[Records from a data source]
↓↓↓
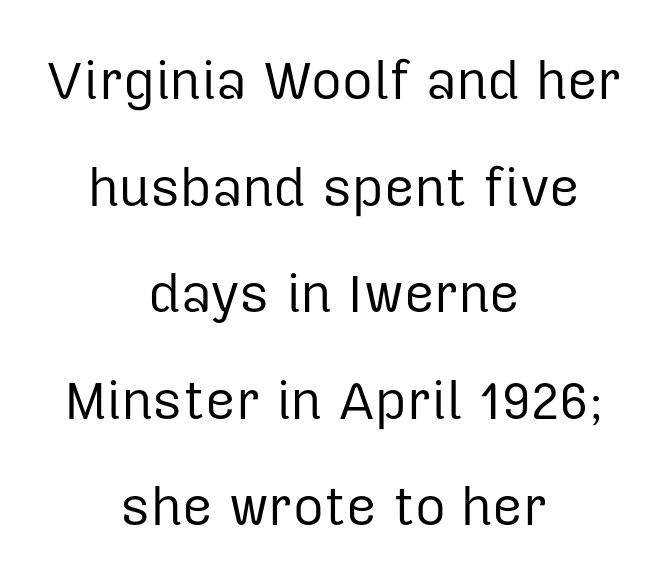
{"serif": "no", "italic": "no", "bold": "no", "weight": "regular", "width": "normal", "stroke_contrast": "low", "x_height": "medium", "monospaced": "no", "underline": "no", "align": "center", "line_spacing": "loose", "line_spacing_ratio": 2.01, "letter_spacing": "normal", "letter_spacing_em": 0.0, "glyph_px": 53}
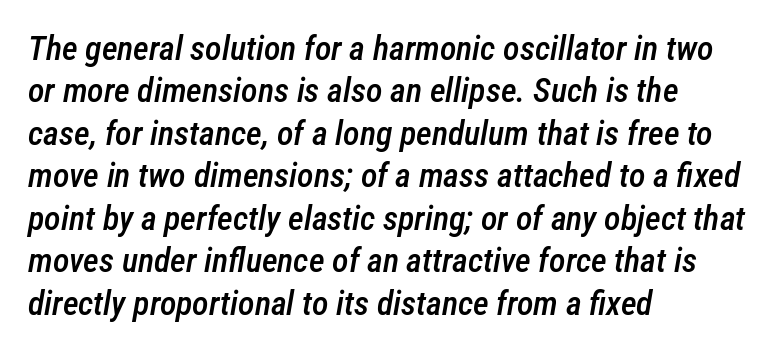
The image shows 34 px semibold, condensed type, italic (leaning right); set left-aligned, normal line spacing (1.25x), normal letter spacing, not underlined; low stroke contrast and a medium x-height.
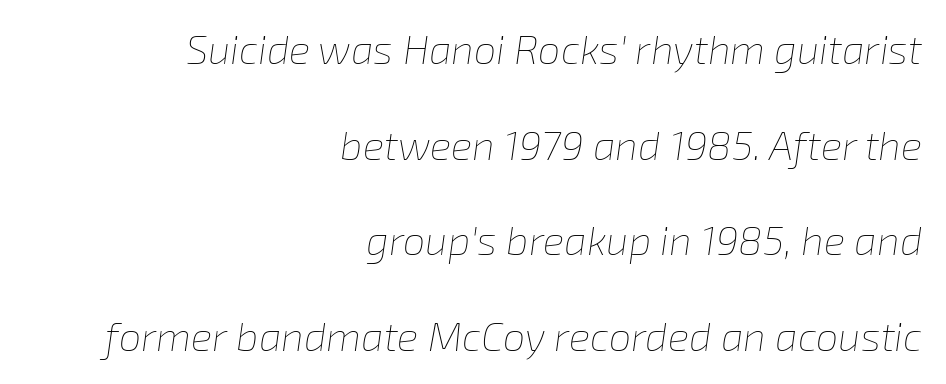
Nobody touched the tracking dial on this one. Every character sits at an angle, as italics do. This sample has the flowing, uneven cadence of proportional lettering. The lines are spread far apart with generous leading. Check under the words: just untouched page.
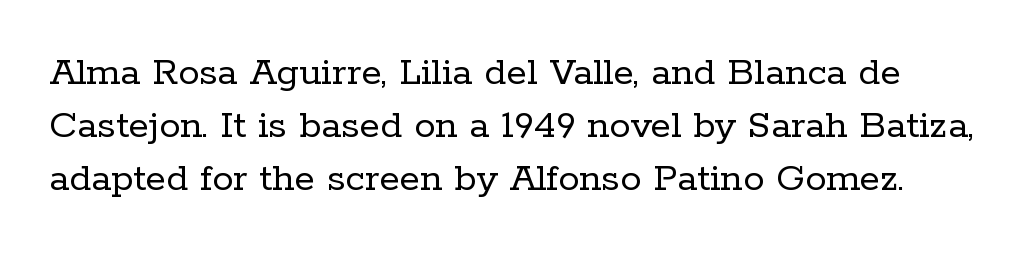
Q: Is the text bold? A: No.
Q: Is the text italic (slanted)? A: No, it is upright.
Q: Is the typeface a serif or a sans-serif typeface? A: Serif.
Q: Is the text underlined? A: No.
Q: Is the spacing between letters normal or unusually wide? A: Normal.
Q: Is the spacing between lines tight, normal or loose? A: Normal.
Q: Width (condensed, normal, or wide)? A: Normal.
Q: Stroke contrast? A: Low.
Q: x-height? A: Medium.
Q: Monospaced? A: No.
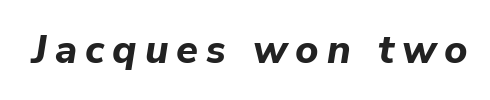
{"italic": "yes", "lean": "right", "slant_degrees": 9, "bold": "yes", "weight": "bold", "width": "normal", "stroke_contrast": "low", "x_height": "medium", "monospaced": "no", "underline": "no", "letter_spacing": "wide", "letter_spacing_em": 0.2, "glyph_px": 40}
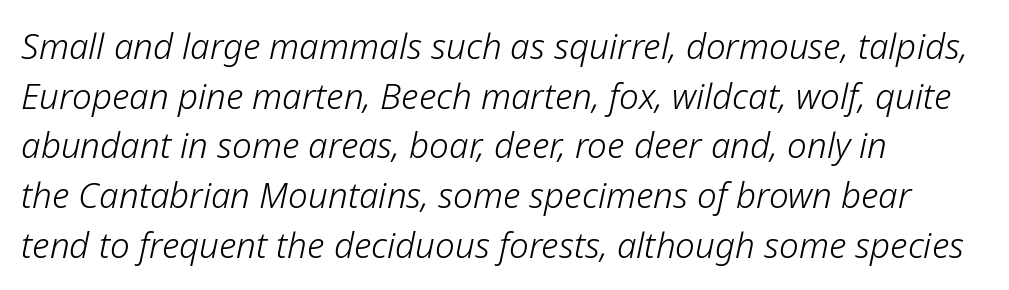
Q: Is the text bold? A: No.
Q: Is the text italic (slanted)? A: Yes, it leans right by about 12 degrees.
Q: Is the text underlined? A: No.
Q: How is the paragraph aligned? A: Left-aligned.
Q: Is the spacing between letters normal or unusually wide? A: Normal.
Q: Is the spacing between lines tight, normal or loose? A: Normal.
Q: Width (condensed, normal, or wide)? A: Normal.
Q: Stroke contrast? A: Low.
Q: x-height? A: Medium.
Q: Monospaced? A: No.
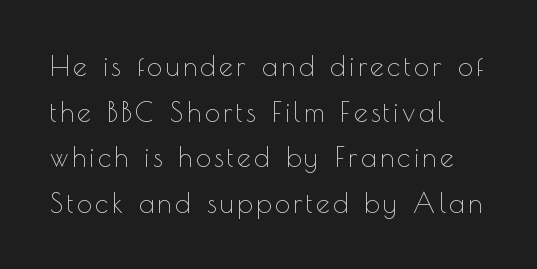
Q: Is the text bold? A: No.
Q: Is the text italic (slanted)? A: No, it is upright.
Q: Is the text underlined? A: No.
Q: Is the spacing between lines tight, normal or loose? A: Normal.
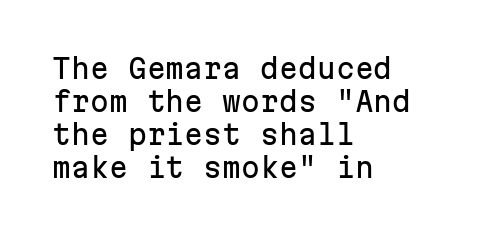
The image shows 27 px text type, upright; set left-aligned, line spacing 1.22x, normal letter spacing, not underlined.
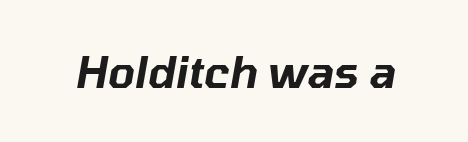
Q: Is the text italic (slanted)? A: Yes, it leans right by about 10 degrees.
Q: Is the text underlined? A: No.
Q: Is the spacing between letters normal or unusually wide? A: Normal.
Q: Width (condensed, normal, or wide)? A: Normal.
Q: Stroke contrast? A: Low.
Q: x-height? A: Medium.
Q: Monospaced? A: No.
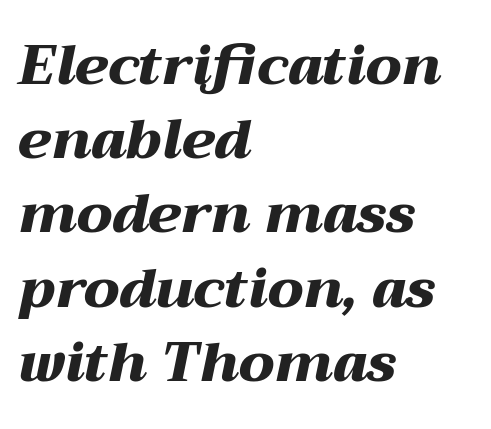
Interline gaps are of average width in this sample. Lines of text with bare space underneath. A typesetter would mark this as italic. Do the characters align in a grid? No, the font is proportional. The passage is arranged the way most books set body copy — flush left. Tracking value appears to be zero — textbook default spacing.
↑↑↑
WORK INSTRUCTIONS
Leave out any pictures and return exactly the lines from the beginning of the data through the line with "The image shows 34", inclusive.

RESPONSE AREA
{"serif": "no", "italic": "no", "bold": "no", "weight": "regular", "width": "normal", "stroke_contrast": "low", "x_height": "medium", "monospaced": "no", "underline": "no", "align": "center", "line_spacing": "loose", "line_spacing_ratio": 2.01, "letter_spacing": "normal", "letter_spacing_em": 0.0, "glyph_px": 53}
The image shows 34 px semibold, condensed type, italic (leaning right); set left-aligned, normal line spacing (1.25x), normal letter spacing, not underlined; low stroke contrast and a medium x-height.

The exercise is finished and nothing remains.